1.0 Abstract Chronic, non-communicable diseases (NCDs) now account for over half of morbidity and reductions in quality of life, in resource-limited settings. Of particular importance is the growing epidemic of multi-morbidity, or the accumulation of chronic conditions, including combinations of both non-communicable (e.g. hypertension, diabetes, COPD, traumatic accidents, and cancer) and communicable diseases (e.g. HIV, prior lung disease from pneumonia) on functioning, well-being and quality of life. Despite the growing appreciation of overlapping conditions and their cumulative effect on health outcomes, the majority of disease treatment programs, donor funding mechanisms, and research infrastructures focus on infectious diseases, and such programs remain largely siloed. This separation of efforts results in three critical short-comings to the research infrastructure in many low-income settings: 1) a poor understanding and limited attention paid to the interactive effects between, and management of, comorbid conditions; 2) lack of attention to region-specific risk factors for multi- morbidity that are likely to differ from high-resource settings (e.g. social determinants of health, occupational exposures, air pollution); and 3) a near total absence of the requisite laboratory infrastructure for cross-cutting multidisciplinary clinical research to support holistic care for those with multi-morbid conditions. To respond to these gaps in research infrastructure in Uganda, we will conduct the following specific aims:
Aim 1 : Develop junior faculty expertise in Uganda on multi-morbidity. We will focus training on a holistic understanding of human health, and an understanding of how accumulation of chronic conditions impacts functioning and quality of life in this setting.

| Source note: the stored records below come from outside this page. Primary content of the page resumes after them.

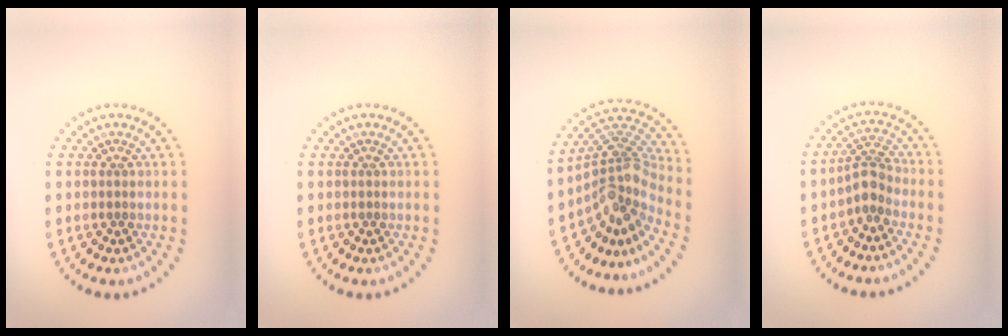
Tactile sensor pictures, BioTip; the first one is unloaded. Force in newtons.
{"total": 0.0}
{"total": 4.7, "press": 3.0, "slide": 3.6}
{"total": 2.5, "press": 1.9, "slide": 1.6}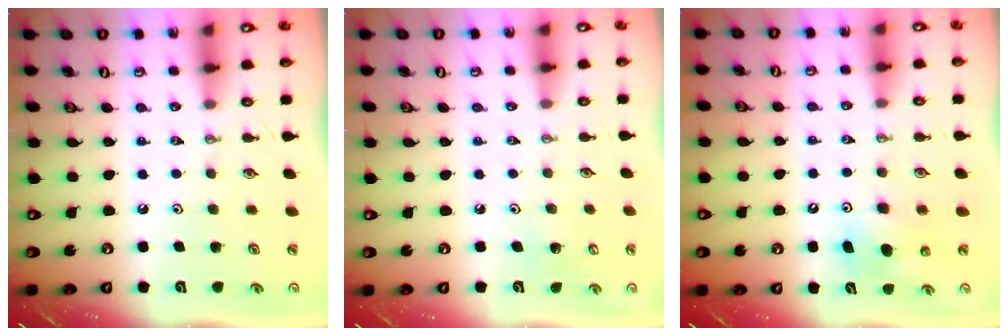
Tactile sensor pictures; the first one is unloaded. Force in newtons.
{"total": 2.8, "press": 2.8, "slide": 0.2}
{"total": 7.0, "press": 6.8, "slide": 1.7}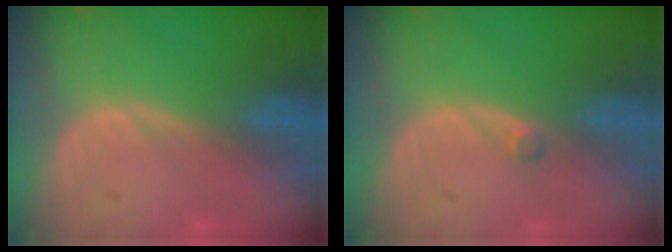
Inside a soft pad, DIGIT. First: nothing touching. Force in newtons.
{"total": 0.7, "press": 0.7, "slide": 0.1}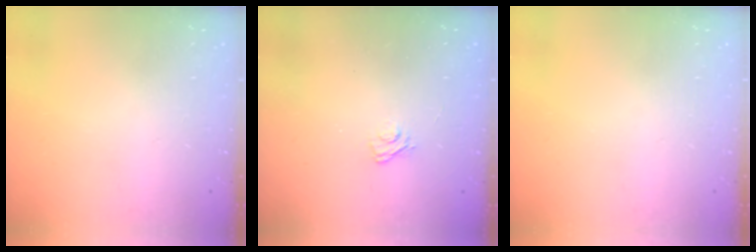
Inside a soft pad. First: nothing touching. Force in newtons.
{"total": 2.9, "press": 2.6, "slide": 1.2}
{"total": 0.0}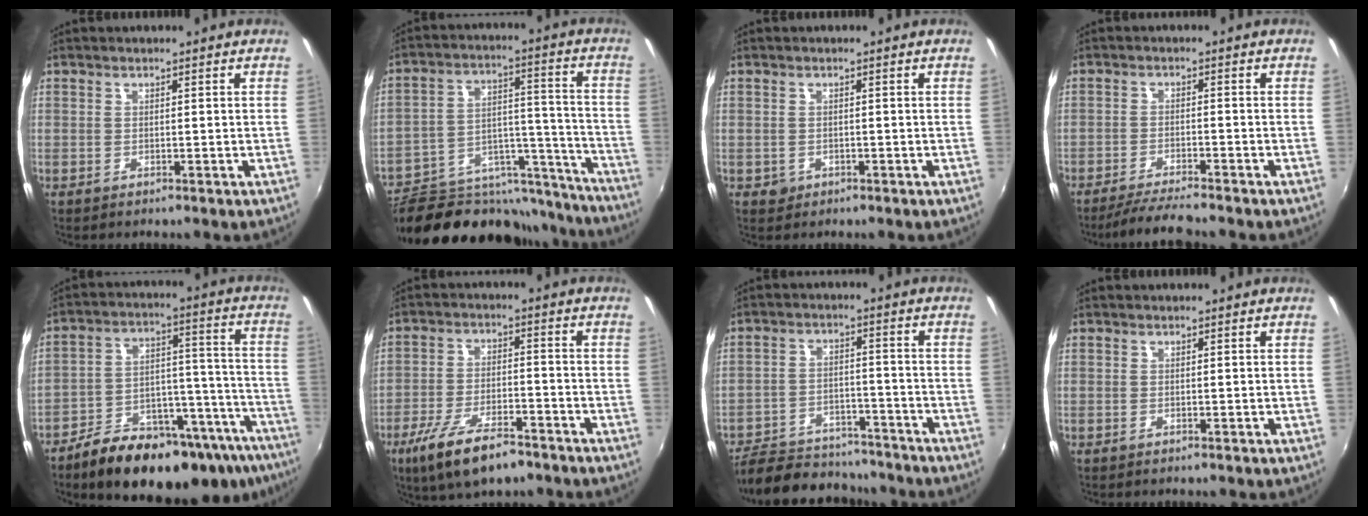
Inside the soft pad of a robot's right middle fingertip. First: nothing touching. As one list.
[{"total": 27.5, "force": [-23.0, 10.4, 10.9], "torque": [-0.189, 0.036, -0.308]}, {"total": 1.7, "force": [-0.6, 1.5, 0.4], "torque": [-0.009, -0.004, -0.006]}, {"total": 6.5, "force": [-5.9, 0.0, 2.8], "torque": [-0.072, -0.012, -0.102]}, {"total": 25.8, "force": [-18.3, 10.4, 15.0], "torque": [-0.221, 0.007, -0.242]}, {"total": 12.3, "force": [-8.3, 4.0, 8.2], "torque": [-0.179, -0.027, -0.145]}, {"total": 16.1, "force": [-14.0, 5.7, 5.5], "torque": [-0.134, 0.005, -0.202]}, {"total": 0.0}]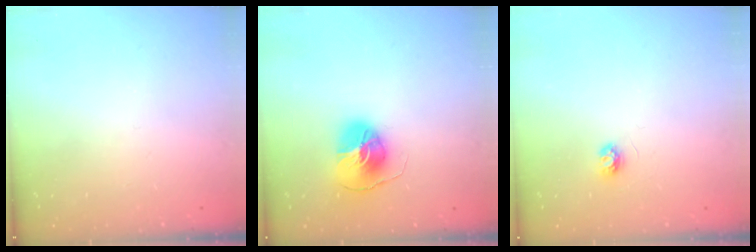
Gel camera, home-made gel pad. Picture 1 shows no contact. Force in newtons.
{"total": 8.7, "press": 8.7, "slide": 0.7}
{"total": 3.5, "press": 3.4, "slide": 0.3}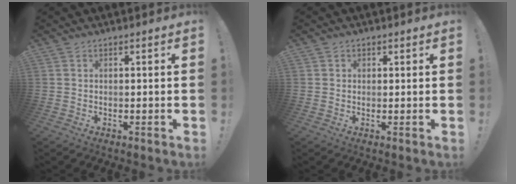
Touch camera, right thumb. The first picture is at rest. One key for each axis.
{"total": 1.1, "fx": 0.5, "fy": 0.9, "fz": 0.1, "tx": 0.005, "ty": -0.002, "tz": 0.008}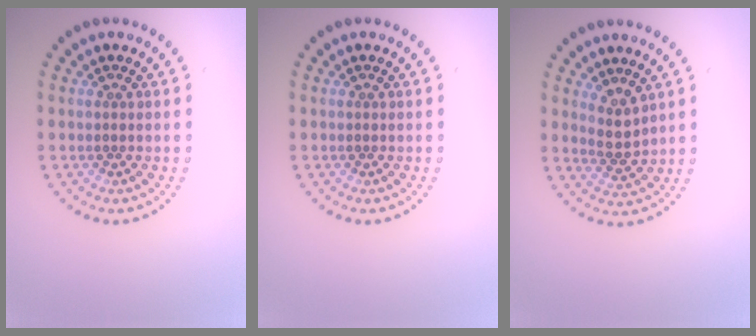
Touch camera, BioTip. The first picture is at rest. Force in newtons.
{"total": 0.0}
{"total": 2.2, "press": 1.8, "slide": 1.3}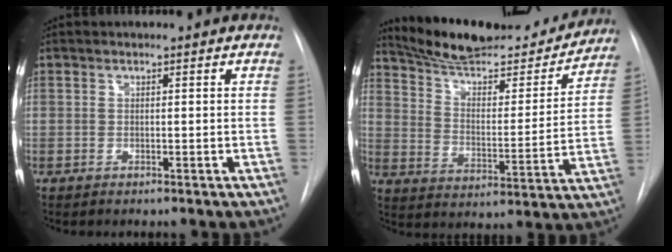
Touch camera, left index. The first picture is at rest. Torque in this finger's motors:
{"motor_torque": [-0.04, -0.56, 0.33, 0.06]}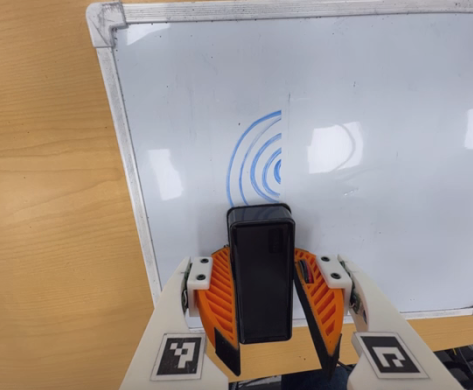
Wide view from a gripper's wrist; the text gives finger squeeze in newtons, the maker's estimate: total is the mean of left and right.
{"total": 7.5, "left": 8.4, "right": 6.7}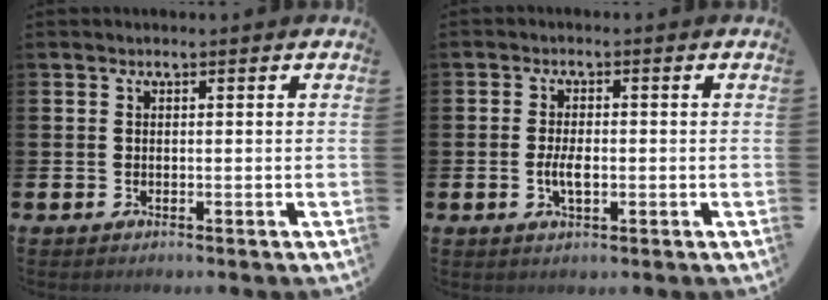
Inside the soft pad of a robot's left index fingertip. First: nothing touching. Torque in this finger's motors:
{"motor_torque": [0.50, 0.08, 0.11, 0.03]}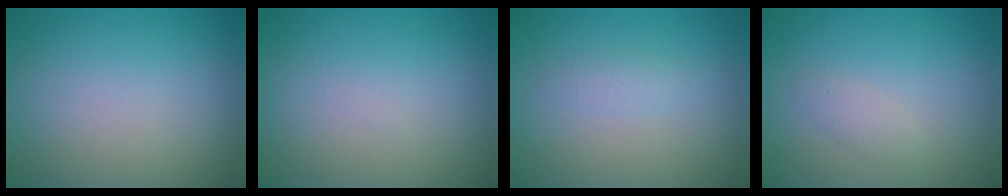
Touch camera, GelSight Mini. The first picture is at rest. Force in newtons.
{"total": 0.0}
{"total": 1.1, "press": 1.1, "slide": 0.1}
{"total": 1.1, "press": 1.1, "slide": 0.1}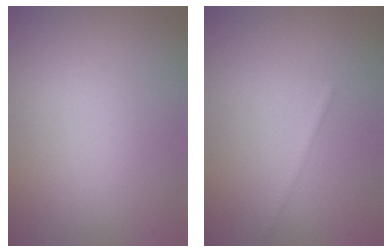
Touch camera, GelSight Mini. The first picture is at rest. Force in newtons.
{"total": 0.8, "press": 0.8, "slide": 0.1}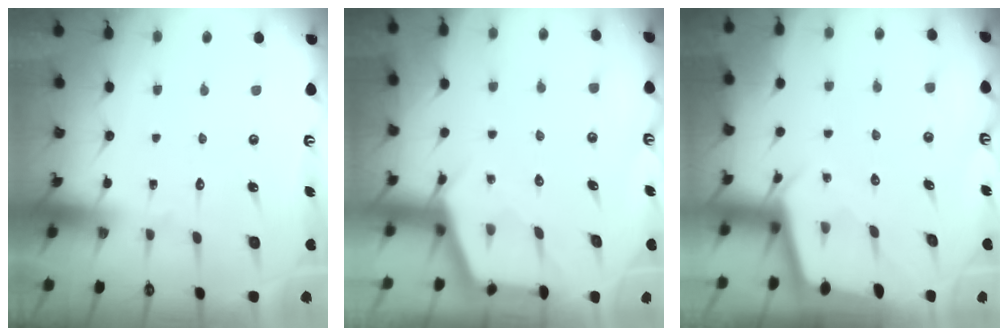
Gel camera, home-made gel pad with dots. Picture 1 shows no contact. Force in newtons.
{"total": 3.0, "press": 3.0, "slide": 0.4}
{"total": 2.0, "press": 2.0, "slide": 0.3}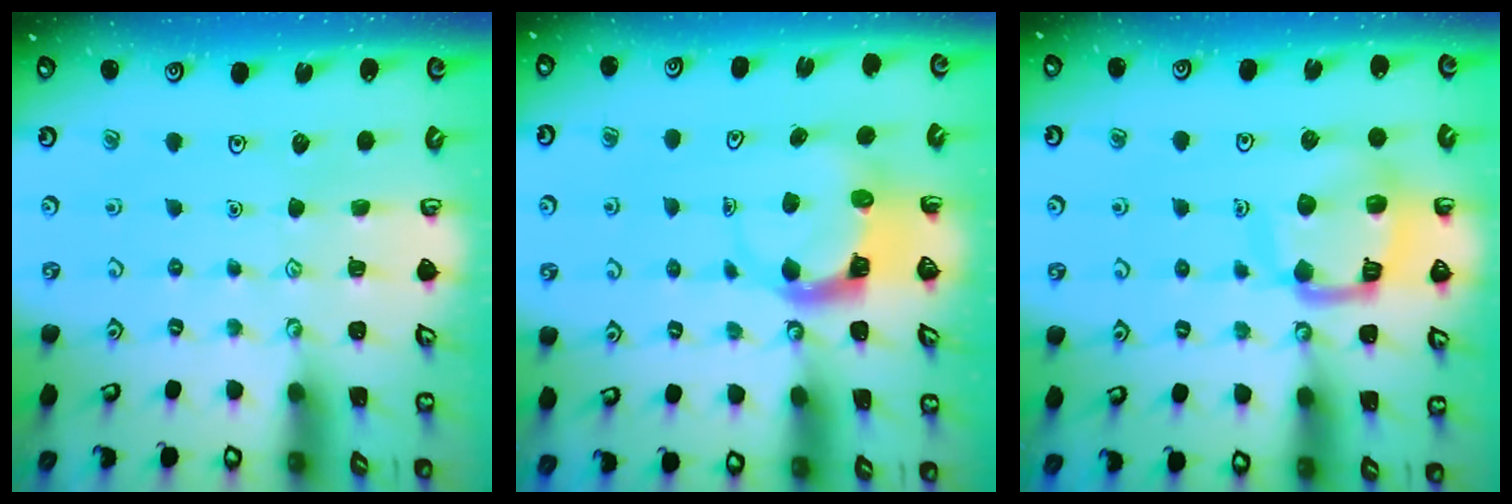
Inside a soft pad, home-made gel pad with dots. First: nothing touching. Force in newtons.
{"total": 4.0, "press": 4.0, "slide": 0.3}
{"total": 14.5, "press": 14.4, "slide": 1.5}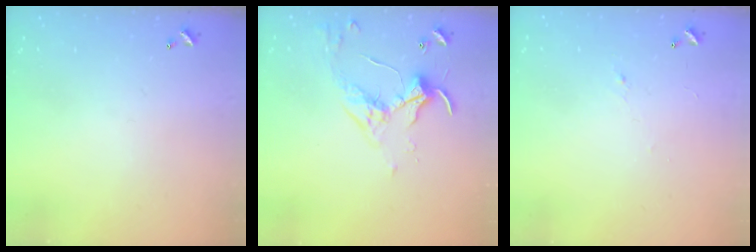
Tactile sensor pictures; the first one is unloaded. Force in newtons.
{"total": 3.4, "press": 3.3, "slide": 0.7}
{"total": 1.2, "press": 1.1, "slide": 0.5}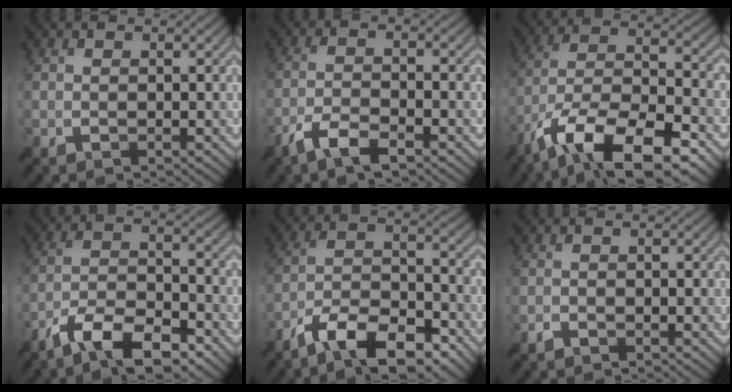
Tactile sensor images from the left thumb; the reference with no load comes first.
{"total": 5.2, "force": [-3.7, 1.0, 3.5], "torque": [-0.071, -0.002, -0.079]}
{"total": 16.4, "force": [-9.9, 6.3, 11.4], "torque": [-0.239, -0.018, -0.174]}
{"total": 10.6, "force": [-7.6, 3.3, 6.7], "torque": [-0.118, 0.004, -0.147]}
{"total": 11.7, "force": [-8.4, 3.8, 7.2], "torque": [-0.124, 0.005, -0.163]}
{"total": 0.7, "force": [-0.6, 0.2, 0.2], "torque": [-0.001, 0.001, -0.015]}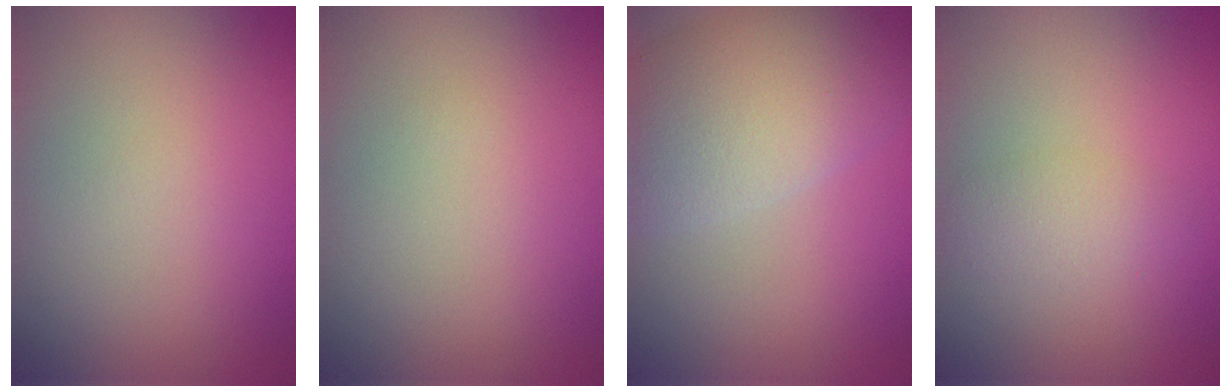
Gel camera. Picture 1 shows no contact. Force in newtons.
{"total": 0.0}
{"total": 8.9, "press": 8.9, "slide": 0.3}
{"total": 2.1, "press": 2.1, "slide": 0.0}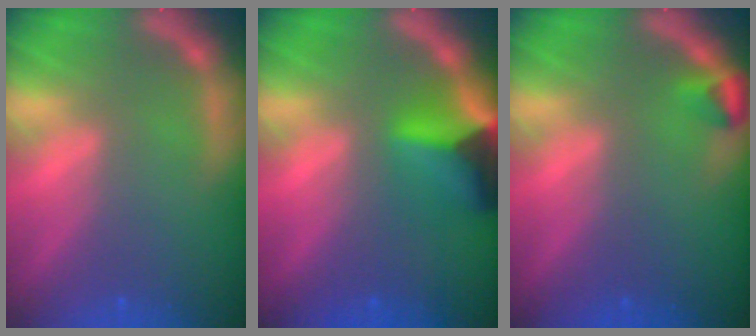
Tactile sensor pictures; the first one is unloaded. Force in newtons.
{"total": 6.9}
{"total": 1.5}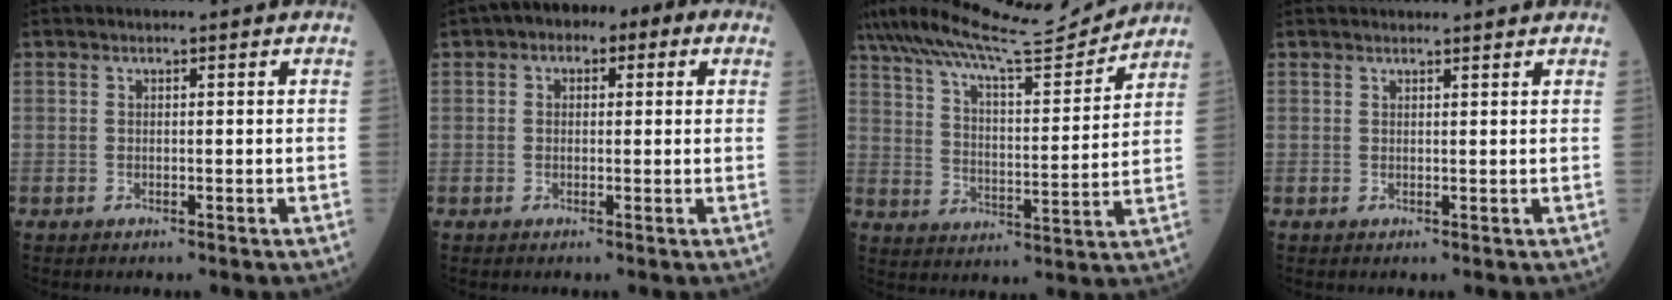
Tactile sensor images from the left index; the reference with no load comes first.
{"total": 7.0, "force": [2.7, 3.7, 5.3], "torque": [-0.072, 0.042, 0.031]}
{"total": 18.2, "force": [17.0, 0.7, 6.4], "torque": [-0.126, -0.004, 0.271]}
{"total": 3.6, "force": [3.4, 0.0, 1.1], "torque": [-0.015, 0.015, 0.041]}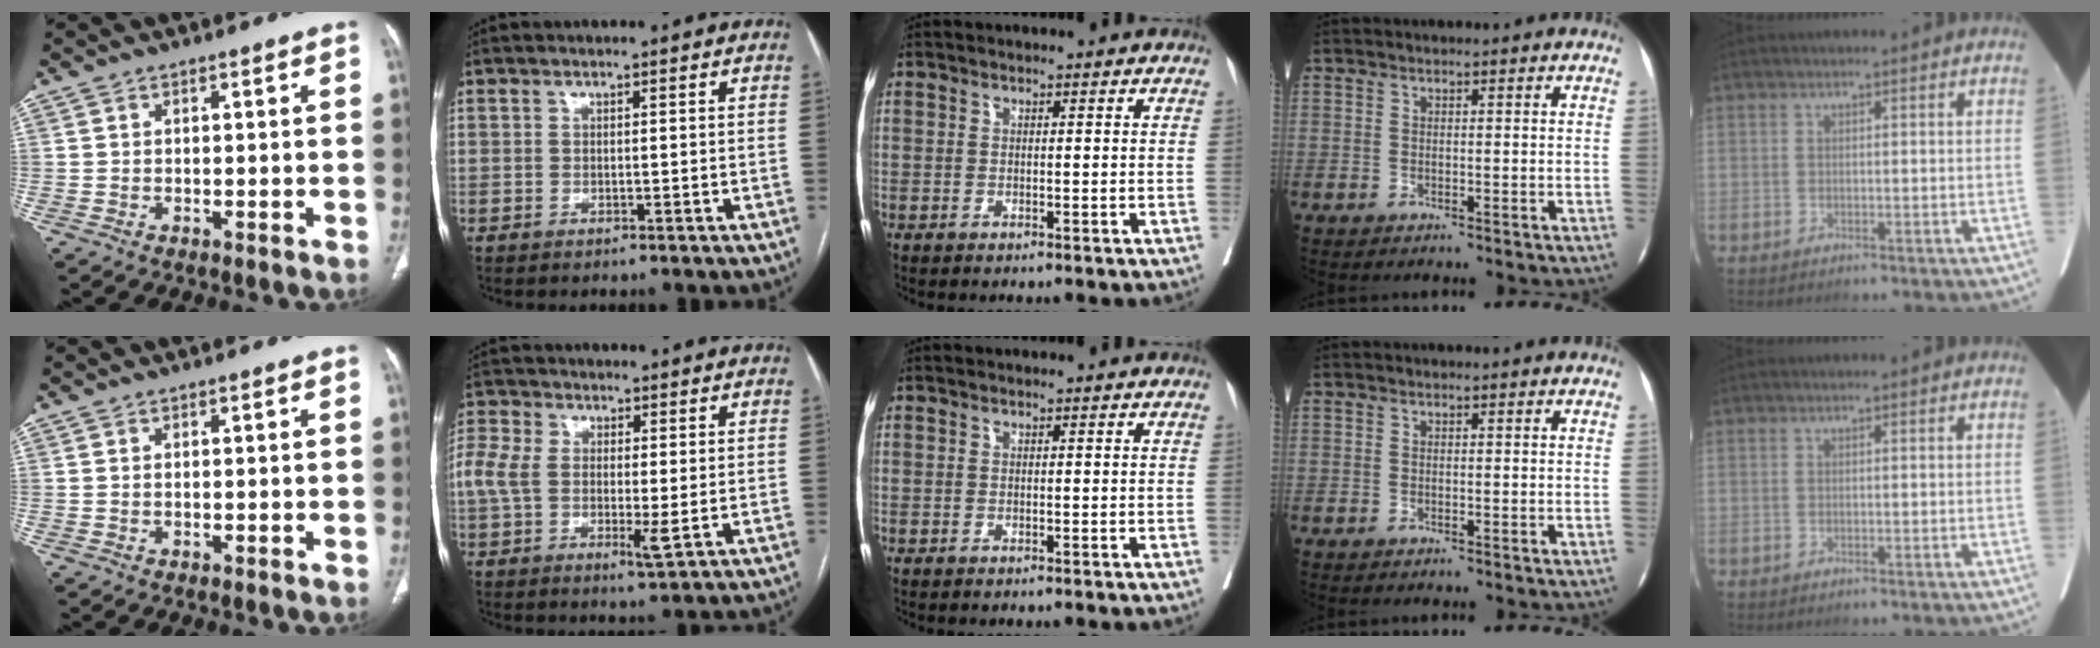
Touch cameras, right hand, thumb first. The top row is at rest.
{"index": {"total": 9.1, "force": [-0.2, 4.2, 8.1], "torque": [-0.183, 0.011, 0.002]}}

Aim 2 : Train junior faculty to measure determinants and consequences of the regional social and environmental risk factors for multi-morbidity. Key focus areas will include social-behavioral and environmental determinants of health.
Aim 3 : Develop laboratory capacity to support clinical research on multi-morbidity. We will leverage an established Memorandum of Understanding between the Massachusetts General Hospital (MGH) and the Mbarara University of Science and Technology (MUST) Clinical Research Laboratory to support capacity building, quality assurance, and a trans-disciplinary clinical laboratory program to focus on multi-morbidity diagnostics and regionally appropriate risk factor testing. In this D43 research training program, we will leverage a 15-year partnership between MUST and MGH, to provide sustained mentorship and protected research time to 12 promising post-doctoral and junior faculty members at MUST and establish a Ugandan regional center of excellence in multi-morbidity research.
Chronic, non-communicable diseases (NCDs) now account for over half of morbidity and quality of life reductions in resource-limited settings. Of particular importance is the growing epidemic of multi-morbidity, or the accumulation of chronic conditions, including combinations of both non-communicable and communicable conditions on well-being and quality of life. However, the majority of disease treatment programs, donor funding mechanisms and research infrastructure focuses on infectious diseases, and most such programs are siloed. This D43 training program application will directly respond to PAR-18-901 (?Chronic, Non- Communicable Diseases and Disorders Across the Lifespan: Fogarty International Research Training Award?) by strengthening the capacity of Ugandan junior investigators to pursue research careers on NCDs and multi- morbidity through a proven co-mentoring model of sustained training. Our over-arching goal is to build a foundation of independent junior investigators upon which to build a regional center of excellence in the study of multi-morbidity in Uganda.